Crouching low, crawling on hands and knees, and slipping from trunk to trunk, the pair worked backward in a semicircle, though, instead of following, it was the negro who led the white man. It seemed to Dane that he was making noise enough to waken the dead, but his dusky companion had probably owed his life to his powers of silent motion, and his progress was as noiseless as that of a serpent. Still, a clamor which broke out at the rear of the camp drowned the sound of Dane's passage, and presently a fire commenced to crackle behind the serried trunks. Rising partly upright,he could see naked figures outlined against it flitting with burdens on their heads into the swamp. Nevertheless, Maxwell's instructions were explicit, and, when the negro beckoned, he sank down again.
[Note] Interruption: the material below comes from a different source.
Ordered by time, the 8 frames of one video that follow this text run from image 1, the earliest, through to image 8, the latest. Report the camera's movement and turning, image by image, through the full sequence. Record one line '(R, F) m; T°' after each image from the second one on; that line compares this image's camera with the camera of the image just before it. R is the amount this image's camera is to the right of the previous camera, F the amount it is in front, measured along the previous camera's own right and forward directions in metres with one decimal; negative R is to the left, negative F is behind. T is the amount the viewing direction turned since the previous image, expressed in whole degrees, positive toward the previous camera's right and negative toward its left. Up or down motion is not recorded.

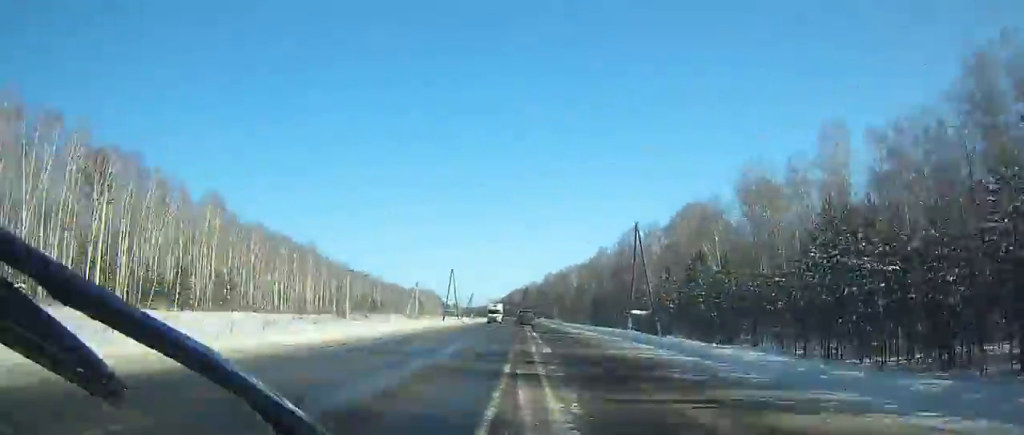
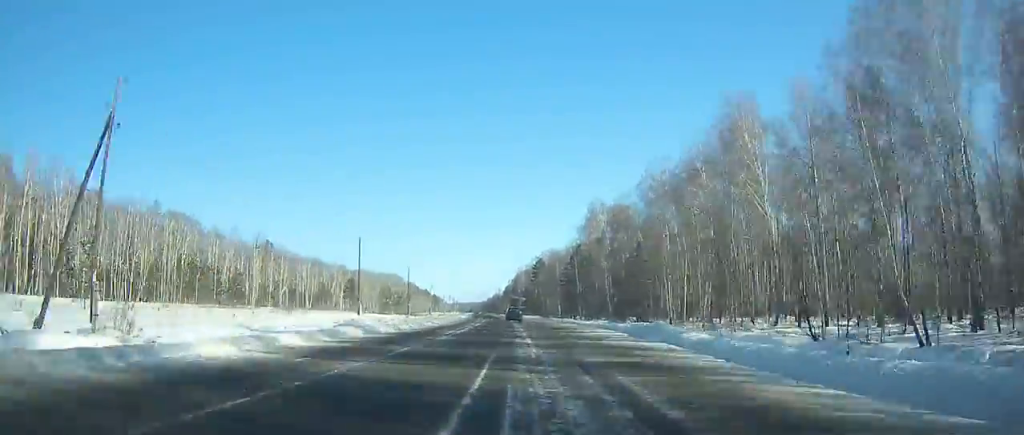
(-4.1, +159.8) m; -2°
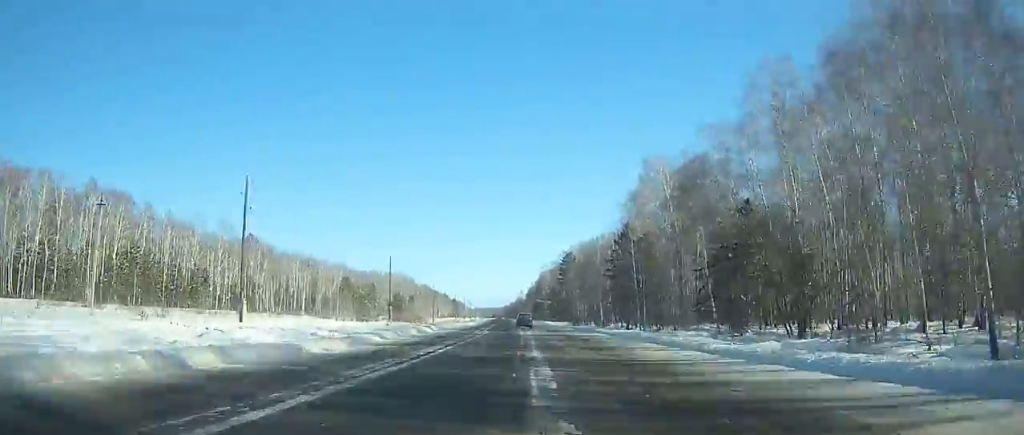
(+0.4, +32.7) m; -1°
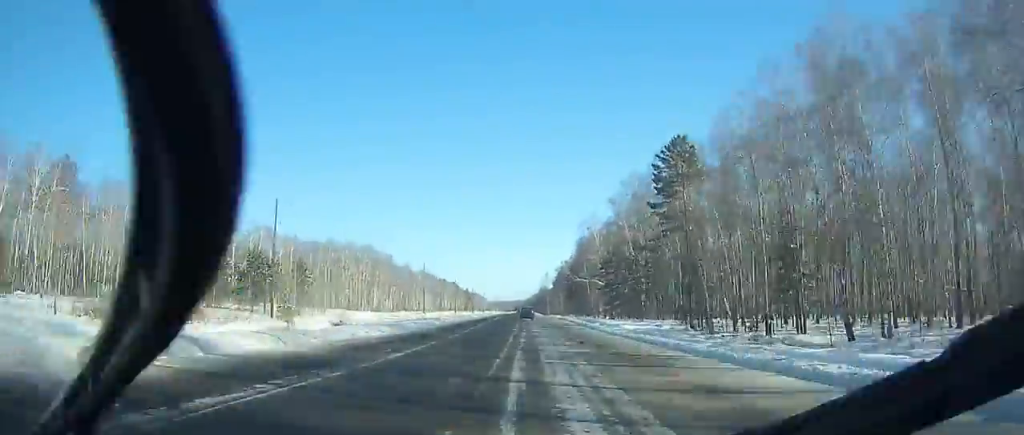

The fire tossed higher, and Dane surmised that somebody had lighted the dried grass to divert attention from the deserters or a fresh attack. Its purport, however, was in the meantime a side issue, for, as the radiance came flickering athwart the trunks, it revealed something dim and shadowy crouching among the roots of a neighboring cottonwood. The blurred shape might have escaped notice had not the line of steel before it glimmered once or twice. With infinite caution Dane covered a few more yards, and stooped behind a screen of trailers, with every nerve quivering, and a heavy pistol clenched in his right hand. What had become of the negro he did not know. Once the assassin raised his weapon, and Dane laid the short pistol barrel upon his raised forearm, hoping that the stiffness of the trigger might not spoil his aim; but he lowered it again, for, evidently attracted by the increasing glare, the man he stalked rose partly upright, glancing over his shoulder. His caution betrayed him, for, hurling himself crashing through the creepers, Dane fell upon him, driving the heavy pistol into the center of the dusky face with his full weight behind it. The two went down, the colored man undermost, clawing with greasy hands at his adversary's throat. Their grip was feeble, for the first blow had got home; but time was precious, and Dane, heaving his right shoulder clear, brought the steel-bound butt down again.

There was a hollow groan; several men who came running up fell heavily over the pair, and while onedragged the half-dazed white man clear, the others lashed the prisoner fast with creeper ropes. Rising shakily, Dane sent up a breathless shout.

"Stand fast and see that nobody gets in your way if you have him safe!" cried Maxwell. "Don't trouble about the grass! It is damp among the cottonwoods, and will soon burn out."

Dane waited ten long minutes, feeling thankful, meanwhile, that the one spot where the ridge could be reached on that side through the quaggy swamp was lighted by the fire. Then Maxwell joined him, and, trusting to their subordinates' vigilance, they made the round of the knoll together. A dozen carriers were missing; and their assailants had vanished as mysteriously as they came.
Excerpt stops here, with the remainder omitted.